Raid 28 - 17-18 janvier 2009
Le raid 28 , +/- 90km pendant 18 h et pas équipe de 5 mixte.
C' est déjà un "vieux" raid avec sa 16ème édition cette année, un raid avec une certaine réputation battie sur son coté convivial (equipe de 5 et organisation rodée ), et sa possible rudesse compte tenu de sa longueur et des conditions qu'on peut y rencontrer .
Sans avoir jamais cherché à y participer, je n'ai pas trop hésité quand Julien m'a appelé pour me proposer de joindre l'équipe qu'il était en train de monter. Son boulot de podologue lui permettant de rencontrer tout un tas de gens , il n'a pas eu de mal à trouver 4 "inconscients"; Valérie sa coéquipière sur les raids orientation, ils forment un duo de choc avec titre de champion de france en mixte, Johann, un kikoureur que j'avais rencontré sur la transju-trail avec Julien, Goran un coureur solide de l'association Run et Sens et moi -même.

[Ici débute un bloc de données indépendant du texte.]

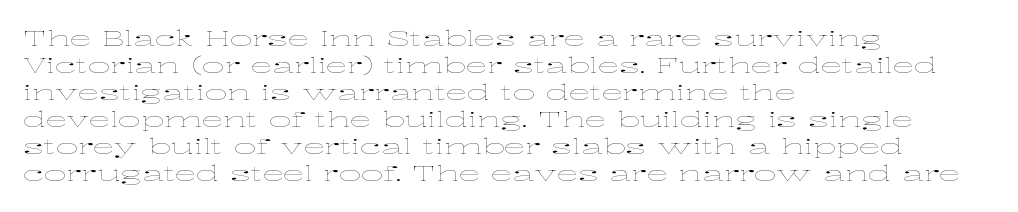
{"italic": "no", "bold": "no", "underline": "no", "align": "left", "line_spacing_ratio": 1.23, "letter_spacing": "normal", "letter_spacing_em": 0.0, "glyph_px": 22}
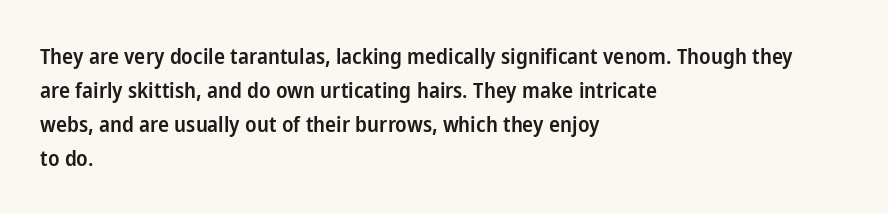
The image shows 22 px text type, upright; set left-aligned, normal line spacing (1.54x), normal letter spacing, not underlined.

Quand on a "signé", je venais de reprendre doucement l'entrainement après un gros break post-UTMB . 2 mois et demi pour se préparer, c'était peut-être un peu court mais j'avais dit oui.
Mais je ne pensais pas que cette période serait aussi calamiteuse . Après un début a peu près correcte, j'ai eu un méga coup de mou puis gastro début janvier suivie de douleurs au pied qui ont fait que je me suis très peu entrainé dans la dernière ligne droite. Les entrainements en commun m'avaient déjà mis la pression en voyant le fossé qui me séparait de mes coéquipiers, le manque de sorties m'a achevé.
Je suis donc parti très stressé par rapport à mon état de forme et au fait que j'allais certainement retarder l'équipe. Mais il fallait se concentrer et donner tout ce que je pouvais.
On est arrivé en avance à Bures sur Yvette, ce qui nous a permis de nous installer et de se préparer tranquillement . L'attente fut un peu moins longue pour julien qui connaissant des coureurs, a pu aller à la pêche aux renseignements. Il est entré dans le raid avant nous.
22h remise des cartes et du road book . On s'installe autour de la table pour commencer le report de postes . A la lecture du road-book, on s'aperçoit que deux coéquipiers peuvent réaliser le prologue , ce sont Valérie et Goran qui s'y collent?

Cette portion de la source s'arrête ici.